Adamski, który zrozumiał istotę dyskretnego ciosu w żebro, nie odpowiedział nic tylko spoglądał na Dżaka. Ten właśnie upajał się znanym mu z eskapady na wieś uczuciem. Proszalna poza Lusi oraz jej błagalne: weźcie mnie do swojej bandy przywołały w jego pamięci obraz lizuski Andronii i tego miłego dreszczyku oraz gęsiej skórki, które pojawiały się zawsze,, gdy przebywał w otoczeniu lizusów. Jednak w tym całym upojeniu pojawiła się iskra rozsądku. Dżak postanowił skorzystać z sytuacji. Pomilczał trochę, dając do zrozumienia, że niby się waha i te sprawy, by po chwili powiedzieć:
– No dobra, ale pod warunkiem, że postawisz nam kawę.
– Hurra! krzyknęła uradowana Lusia. Jaką chcecie? Ze śmietanką i z cukrem, czy zwykłą czarną?

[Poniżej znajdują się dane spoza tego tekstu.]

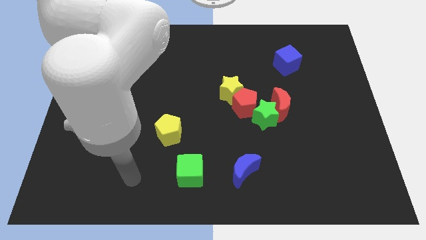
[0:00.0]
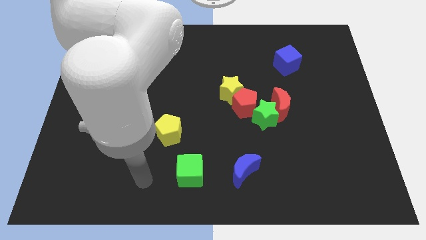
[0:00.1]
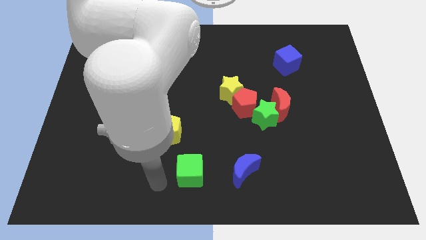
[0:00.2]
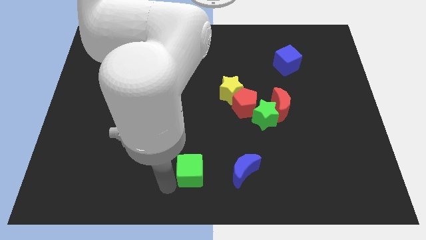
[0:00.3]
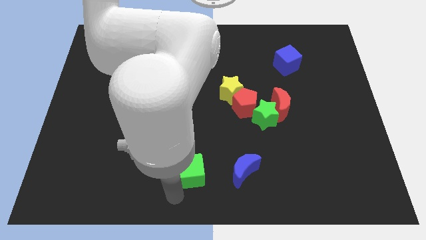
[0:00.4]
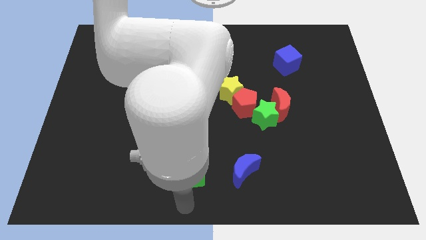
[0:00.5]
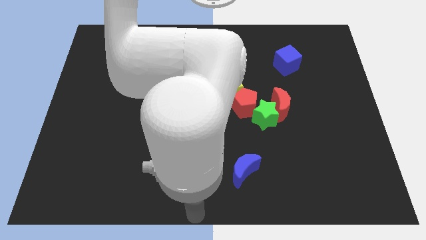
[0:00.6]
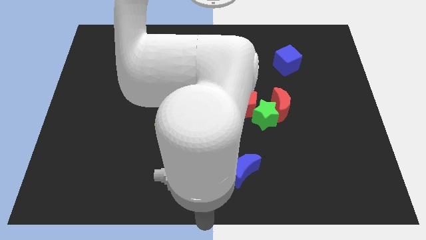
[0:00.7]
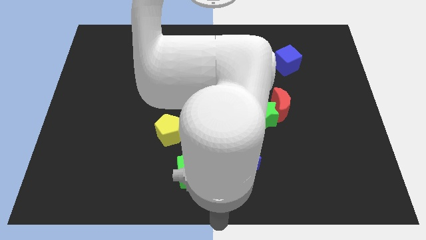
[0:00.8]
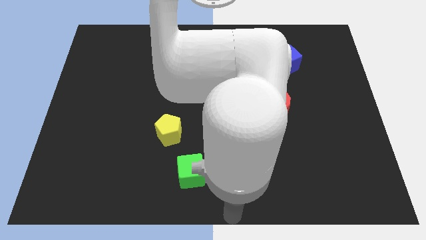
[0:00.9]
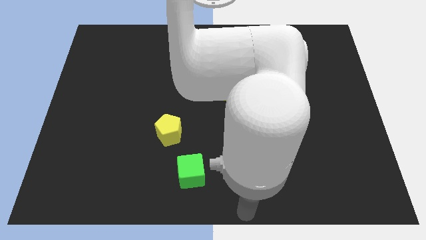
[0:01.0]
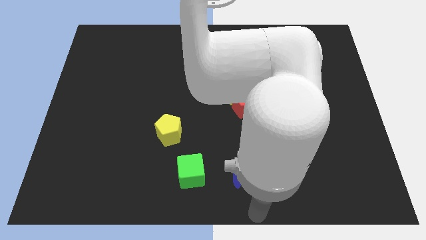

– My pijemy tylko fulwypas: czyli kawę z wszystkimi dodatkami, wliczając w to ciastko z kremem i blacha sernika na wynos powiedział Dżak.
– Zgoda.
I tak oto w trójkę udali się do dworcowej kawiarenki, w której gruba Lusia pozostawić miała część życiowych oszczędności. Nie było ważne, że marzenie o własnym M-1 oddaliło się o kolejne dziesięciolecia. Bo w tej chwili liczył się tylko udział w bandzie. Gdyby miała się zadłużyć, oddać do komisu wszystkie swoje dyplomy, puchary, drewniane tabliczki, które wygrała w konkursach poetyckich, gdyby przyszło jej się prostytuować do końca swoich dni, to i tak zapłaciłaby każdą cenę by być w bandzie Dżaka.
Chłopcy rozsiedli się wygodnie przy stoliku. Jedli ciastka z kremem, popijali kawkę. Dżak pił ją z dziwną manierą. W jednej dłoni trzymał filiżankę cały czas w powietrzu, w drugiej trzymał, także w powietrzu, podstawkę tuż pod filiżanką. Dodatkowo odchylał mały paluszek prawej ręki i aż cud, że naczynie z logo PSS-Spałem nie wypadło mu z rąk a kawa nie wylała się na spodnie garnituru z Tesko. W tym czasie grubaska z trudem taszczyła swoje walizki do kawiarni. Pokonała dystans w trakcie, gdy chłopcy opróżnili filiżanki gdzieś tak do połowy. Ciężko sapiąc, usiadła przy stoliku i zapytała:
– Coś mnie minęło? O czym rozmawialiście?
– A tak sobie rozmawiamy powiedział Dżak. Właściwie to rozmawialiśmy o twoich nagrodach. Jakim cudem ich aż tyle zdobyłaś?
– Dobra chłopaki powiedziała Lusia pochylając się lekko nad stolikiem, tak jakby miała zdradzić za chwilę największy sekret swojego życia. Teraz jak już jestem w waszej bandzie, to mogę wam powiedzieć, ale musicie mi obiecać, że nikomu tego nie powiecie.
– O B I E C U J E M Y powiedzieli razem chłopcy, przysuwając się do Lusi, tak by nie uronić krztyny z tego sekretu, który nieoczekiwanie zdecydowała się im zdradzić.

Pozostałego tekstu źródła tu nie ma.